OverLong Island, as Cleeburg drove in the following day, hung a mist that made the low hills look like a mirage melting into the sky. It was as if the smoke of the city reached its long arm far over green stretches and cool woodland, cloaking Nature with the garment of industry.

Little ’Dolph sat forward, hat tossed to the floor, cigar ashes strewn over it like snow. He had smoked incessantly from the moment the car shot past the hedge surrounding the Cleeburg place. He had smoked with brow furrowed and teeth chewing on the butt of his weed, concentrating so intensely that for the first time in years it failed to circle from corner to corner of the friendly mouth. He was worried—and about Gloria.

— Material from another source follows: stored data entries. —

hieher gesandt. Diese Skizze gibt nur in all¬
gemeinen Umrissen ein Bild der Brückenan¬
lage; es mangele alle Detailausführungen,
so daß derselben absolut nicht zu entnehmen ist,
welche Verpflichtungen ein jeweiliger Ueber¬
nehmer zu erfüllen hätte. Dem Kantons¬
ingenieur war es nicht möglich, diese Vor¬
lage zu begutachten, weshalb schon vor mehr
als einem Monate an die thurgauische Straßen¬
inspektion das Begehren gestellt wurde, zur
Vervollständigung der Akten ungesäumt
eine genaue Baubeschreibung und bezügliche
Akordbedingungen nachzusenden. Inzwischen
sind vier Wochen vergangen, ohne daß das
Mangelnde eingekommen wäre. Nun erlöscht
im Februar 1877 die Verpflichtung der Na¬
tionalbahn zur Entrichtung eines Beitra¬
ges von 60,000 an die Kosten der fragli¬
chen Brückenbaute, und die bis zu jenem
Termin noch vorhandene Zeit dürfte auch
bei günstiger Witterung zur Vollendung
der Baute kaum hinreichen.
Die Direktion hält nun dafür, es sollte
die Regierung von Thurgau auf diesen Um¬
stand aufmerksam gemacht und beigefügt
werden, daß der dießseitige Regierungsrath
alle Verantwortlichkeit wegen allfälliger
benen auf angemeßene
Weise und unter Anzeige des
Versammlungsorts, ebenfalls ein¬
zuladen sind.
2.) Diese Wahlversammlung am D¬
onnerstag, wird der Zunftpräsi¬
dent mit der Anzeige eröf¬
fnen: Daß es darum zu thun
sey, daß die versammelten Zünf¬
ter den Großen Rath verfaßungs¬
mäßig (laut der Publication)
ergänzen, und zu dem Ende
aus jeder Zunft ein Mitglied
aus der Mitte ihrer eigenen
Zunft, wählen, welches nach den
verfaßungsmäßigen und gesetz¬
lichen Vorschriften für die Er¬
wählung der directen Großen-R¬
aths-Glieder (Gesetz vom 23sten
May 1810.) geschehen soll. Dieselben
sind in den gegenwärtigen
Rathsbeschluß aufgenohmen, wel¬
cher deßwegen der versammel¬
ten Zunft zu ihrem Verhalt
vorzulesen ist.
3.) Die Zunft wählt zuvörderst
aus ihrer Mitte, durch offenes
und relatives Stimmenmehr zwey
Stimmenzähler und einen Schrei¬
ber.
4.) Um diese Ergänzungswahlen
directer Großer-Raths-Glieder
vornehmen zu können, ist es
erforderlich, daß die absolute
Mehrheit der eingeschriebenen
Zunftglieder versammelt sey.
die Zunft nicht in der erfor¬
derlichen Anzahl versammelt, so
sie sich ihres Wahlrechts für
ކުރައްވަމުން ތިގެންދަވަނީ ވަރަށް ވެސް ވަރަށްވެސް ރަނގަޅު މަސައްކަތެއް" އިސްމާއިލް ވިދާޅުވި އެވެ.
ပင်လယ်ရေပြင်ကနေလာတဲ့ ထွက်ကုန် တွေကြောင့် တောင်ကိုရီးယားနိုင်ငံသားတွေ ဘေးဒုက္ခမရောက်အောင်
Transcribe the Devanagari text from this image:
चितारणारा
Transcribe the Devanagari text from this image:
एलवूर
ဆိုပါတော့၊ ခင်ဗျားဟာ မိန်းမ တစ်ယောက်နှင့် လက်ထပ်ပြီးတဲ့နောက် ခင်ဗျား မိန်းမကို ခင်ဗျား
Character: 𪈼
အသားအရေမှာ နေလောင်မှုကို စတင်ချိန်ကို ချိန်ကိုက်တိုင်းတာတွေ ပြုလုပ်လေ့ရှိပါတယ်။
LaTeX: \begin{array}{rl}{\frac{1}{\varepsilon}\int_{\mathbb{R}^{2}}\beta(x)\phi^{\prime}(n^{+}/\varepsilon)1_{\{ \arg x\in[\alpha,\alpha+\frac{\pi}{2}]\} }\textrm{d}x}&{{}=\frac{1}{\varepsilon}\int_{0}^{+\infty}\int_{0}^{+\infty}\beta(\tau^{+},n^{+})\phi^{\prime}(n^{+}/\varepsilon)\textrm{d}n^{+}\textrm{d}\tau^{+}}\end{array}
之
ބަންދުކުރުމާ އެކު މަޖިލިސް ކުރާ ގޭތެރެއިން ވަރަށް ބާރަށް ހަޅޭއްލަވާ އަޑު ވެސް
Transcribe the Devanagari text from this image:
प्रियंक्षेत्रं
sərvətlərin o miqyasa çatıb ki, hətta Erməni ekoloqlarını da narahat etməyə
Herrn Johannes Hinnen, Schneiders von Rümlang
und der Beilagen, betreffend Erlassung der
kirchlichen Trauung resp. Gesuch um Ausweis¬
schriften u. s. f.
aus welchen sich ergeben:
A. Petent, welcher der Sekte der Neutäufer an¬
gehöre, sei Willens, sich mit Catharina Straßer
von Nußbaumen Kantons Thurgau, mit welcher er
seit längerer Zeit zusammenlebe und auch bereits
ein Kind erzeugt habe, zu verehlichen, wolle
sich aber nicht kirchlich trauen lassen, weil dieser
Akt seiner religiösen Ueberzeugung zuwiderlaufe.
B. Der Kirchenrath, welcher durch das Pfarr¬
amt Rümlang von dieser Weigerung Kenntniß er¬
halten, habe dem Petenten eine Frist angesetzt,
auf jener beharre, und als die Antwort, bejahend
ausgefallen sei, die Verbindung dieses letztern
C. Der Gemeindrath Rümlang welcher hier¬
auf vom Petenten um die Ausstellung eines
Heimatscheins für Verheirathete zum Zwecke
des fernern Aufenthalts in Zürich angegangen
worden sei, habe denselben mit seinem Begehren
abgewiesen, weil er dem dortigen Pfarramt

What had got her last night? What had brought the fever to her eyes and that desperate grip to her fingers? What had made her cry, with long sobs like a child’s when his arm went round her? Wasn’t like her. Not a bit. He’d never seen her like that, didn’t know how to handle it.

Overwork must be the answer. She’d been at it for six years seeing results. And before that God knew how many without seeing them! He recalled the poor little starved thing she was when first those eyes with the strange glow back of them had begged for a chance. Since that chance had been hers she hadn’t stopped, not for a minute. And how she had mounted! For a second his look of distress vanished in a broad grin of pride.[183]Gloria had the divine fire, whatever that might be. The light of it had always been in her soul but his was the satisfaction of having kindled it to flame. He had found in her the instrument to express all the seething love of beauty his unbeautiful body harbored. He could not have put it into words but the consciousness was there, a vital thing.

He looked out anxiously at the hazy September landscape. Yes, must be overwork! If it had been anything else, she’d have told him. Dashed like hysteria, that breakdown last night! Give her a long vacation next summer, that’s what he’d do. He’d close her in the spring and take her abroad when he went to clinch those English contracts.

Having reached the only decision possible in view of present demands on her, he settled back, applied a light to a final cigar and puffed peacefully until they pulled up at his office in the same building as the theater.

Toward four-thirty she telephoned that she was feeling much better and laughed at the relief in his voice. If he worried about her that way, she’d give a perfectly rotten performance to-night!

But in spite of her chaffing, Cleeburg, going to her dressing-room at seven, caught her unawares with head drooping into her hands and a look of utter dejection about the slim shoulders. She lifted both quickly as he entered and smiled up at him. He peered at the heavy blue smudges under her eyes.

“Won’t need much make-up, will I?” she laughed, in quick response to the look. “You see, I’m trying to put the grease-paint men out of business.”

[184]“What is it?” He pulled a chair close to the dressing-table. It was higher than hers and so brought their faces on a level. “Something’s eating you. What? Tell me—tell your old ’Dolph.”

She leaned over, brushed his cheek with her lips, then turned quickly to the mirror and dabbed the color on her face with the same nervous haste he had noticed the night before.

“Nothing’s wrong, dear. Wait till we settle down for a steady run and you’ll see.”

“It’s sure fire! Only keep an eye on that second act. Don’t be afraid to let go.”

From the wings he watched the audience stream in—beautifully gowned women, perfectly groomed men, keen-eyed critics, his own colleagues with soft collars and clothes not too well pressed, here a familiar round-the-towner, there a merchant who took his first night subscription seats as religiously as his pew in church. Truly a motley such as only the Metropolis can produce. Little ’Dolph’s eyes shone and his broad mouth broadened. Those women with their feathery fans and glittering jewels; those men with their sleek heads and smart clothes; the press; the world theatrical; they constituted his court, this theater his kingdom.

Only a few times since the throne had been his had he failed to give them what they expected of him. That was why to-night he saw in every pair of eyes an eager anticipation that was to him like strong stimulant. He slipped round to the front of the house as the curtain rose.

All through the first act he divided attention between[185]the stage and the audience, watching the latter laugh and chuckle and wink and furtively wipe its eye, and nodding as each effect came at the right moment. When the lights went up he dodged backstage, not to Gloria, but to Brooks.

“Great, old boy! You’ve got ’em. Just keep up that tempo. Feeling fit?”

“Fine!”

“Look out for the end of this act, won’t you,” he added half apologetically.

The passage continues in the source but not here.